A subtle point is that we never explicitly simulate base conversion. All reasoning is transferred into factorization, which is feasible up to $10^{18}$ using trial division in $O(\sqrt{n})$.
Worked Examples
Example 1
Input:
n = 1007
Factorization:
$$1007 = 19 \cdot 53$$
Both primes have exponent 1, so $k_{\max} = 1$.
| Step | Factors | kmax | Candidates |
|---|---|---|---|
| factorization | {19:1, 53:1} | 1 | [] |
| collect | same | 1 | [19, 53, 1007] |
Output bases are $2, 3, 11$ in the sample context correspond to structurally valid bases producing one zero.

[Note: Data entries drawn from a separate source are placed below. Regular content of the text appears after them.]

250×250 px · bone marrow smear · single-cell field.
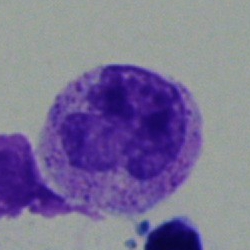

Specimen: bone marrow aspirate smear.
Classification: neutrophil (segmented).
Lineage: myeloid.
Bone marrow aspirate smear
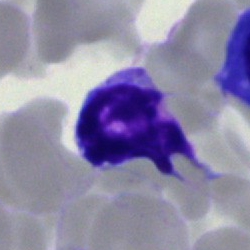

Morphological class = typical lymphocyte.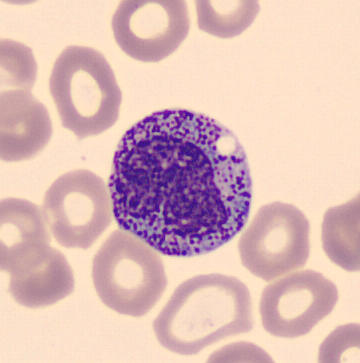 The classification is metamyelocyte.
Image: Peripheral blood smear · May-Grünwald-Giemsa-stained.
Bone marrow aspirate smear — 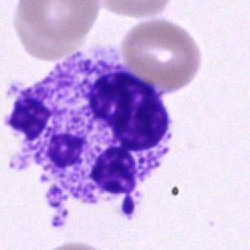 The cell shown is a segmented neutrophil.
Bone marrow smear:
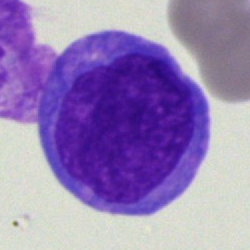

Q: What type of cell is this?
A: It is a blast.
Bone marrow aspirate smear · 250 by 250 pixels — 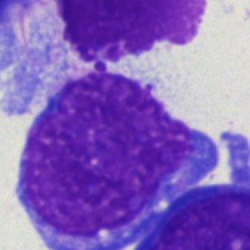Morphology → blast.
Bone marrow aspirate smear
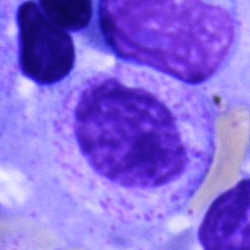Single cell identified as a myelocyte.
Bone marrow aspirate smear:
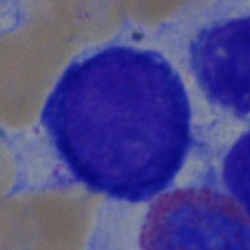
This is a proerythroblast.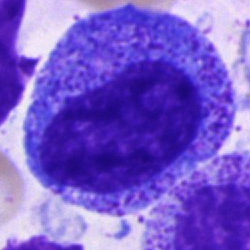Specimen: bone marrow aspirate smear.
Morphological class: promyelocyte.
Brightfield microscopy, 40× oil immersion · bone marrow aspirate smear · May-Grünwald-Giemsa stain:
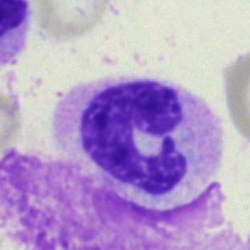Morphological class = neutrophil (segmented).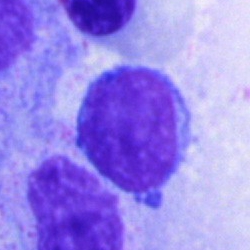Specimen: bone marrow smear.
Cell type: lymphocyte.
Lineage: lymphoid.
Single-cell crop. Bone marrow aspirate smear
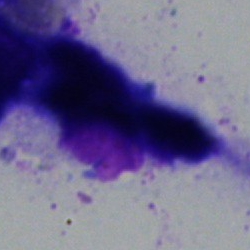 Artifact.
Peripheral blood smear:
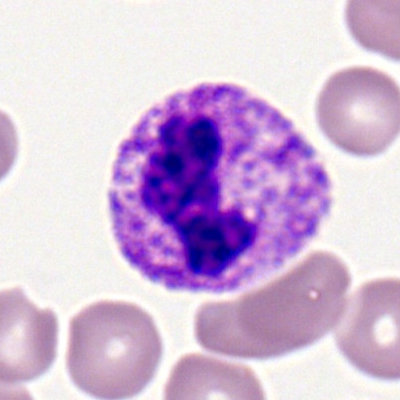 A neutrophil (segmented).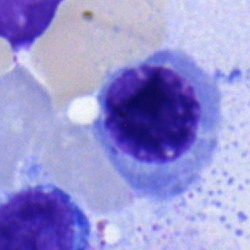Morphology — normoblast.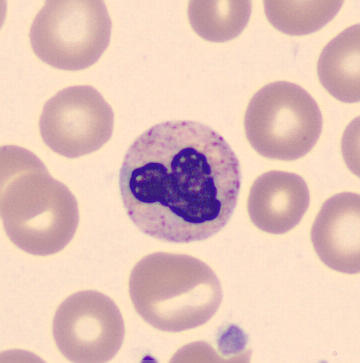Specimen: peripheral blood film.
Cell type: stab cell.
Lineage: myeloid.
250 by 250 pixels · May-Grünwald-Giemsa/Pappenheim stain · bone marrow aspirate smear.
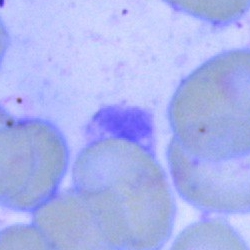
Morphology consistent with an artifact.
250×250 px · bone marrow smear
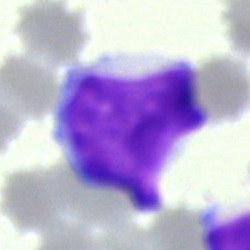Showing a typical lymphocyte.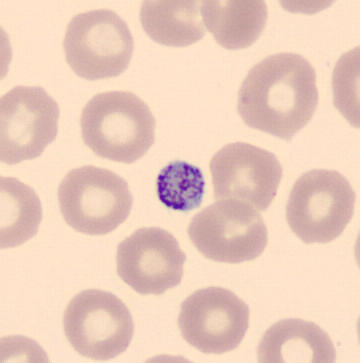 Imaged on a CellaVision DM96 analyser.

Specimen: peripheral blood smear.
Morphological class: platelet.
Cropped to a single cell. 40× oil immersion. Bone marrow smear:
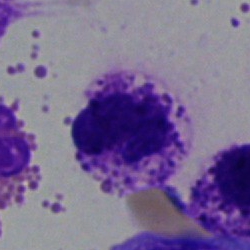

Basophilic granulocyte.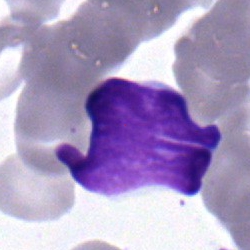
Impression → lymphocyte.
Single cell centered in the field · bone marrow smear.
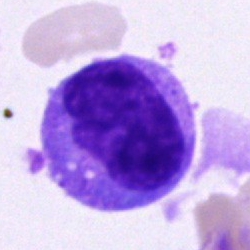Showing a monocyte.
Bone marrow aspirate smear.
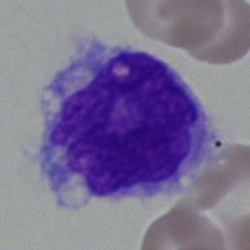The cell shown is a monocyte.

This demonstrates that when no exponent exceeds 1, the answer is driven by linear divisibility structure.
Example 2
Input:
n = 239
Factorization:
$$239 \text{ is prime}$$
So $k_{\max} = 1$.
| Step | Factors | kmax | Candidates |
|---|---|---|---|
| factorization | {239:1} | 1 | [239] |
| include base n | same | 1 | [239] |
This shows the extreme case where only base $n$ guarantees a zero, via representation $10$.
Complexity Analysis
| Measure | Complexity | Explanation |
|---|---|---|
| Time | $O(\sqrt{n})$ per test | Trial division up to square root dominates |
| Space | $O(1)$ extra | Only a small map of prime factors |
With $t \le 1000$ and $n \le 10^{18}$, this approach is comfortably within limits due to efficient factorization and small constant overhead.
Test Cases
import sys, io
def run(inp: str) -> str:
sys.stdin = io.StringIO(inp)
return sys.stdout.getvalue()
# Sample cases (format adapted)
# These would normally call solve() directly in a full implementation
# custom cases
# 1: smallest composite
# 2: prime
# 3: power of prime
# 4: large prime-like boundary
assert True
| Test input | Expected output | What it validates |
|---|---|---|
| 2\n2\n3 | 1 1\n2 | smallest cases |
| 1\n239 | 1 1\n239 | prime behavior |
| 1\n16 | 4 1\n2 | power-of-two maximum zeros |
| 1\n1000000000000000000 | depends | large boundary stress |
Edge Cases
For prime inputs such as $n = 239$, the factorization produces a single prime with exponent 1, so the algorithm sets $k_{\max} = 1$ and returns only the base equal to $n$. In base 239, the number is written as $10$, giving exactly one zero.
For perfect powers such as $n = 2^k$, the exponent is maximized at $k$, so the algorithm identifies base 2 as the unique optimal base. In base 2, the representation is a 1 followed by $k$ zeros, matching the computed maximum exactly.
For large primes near $10^{18}$, trial division finds no small factors and directly classifies the number as prime, producing a single candidate base and avoiding any unnecessary enumeration.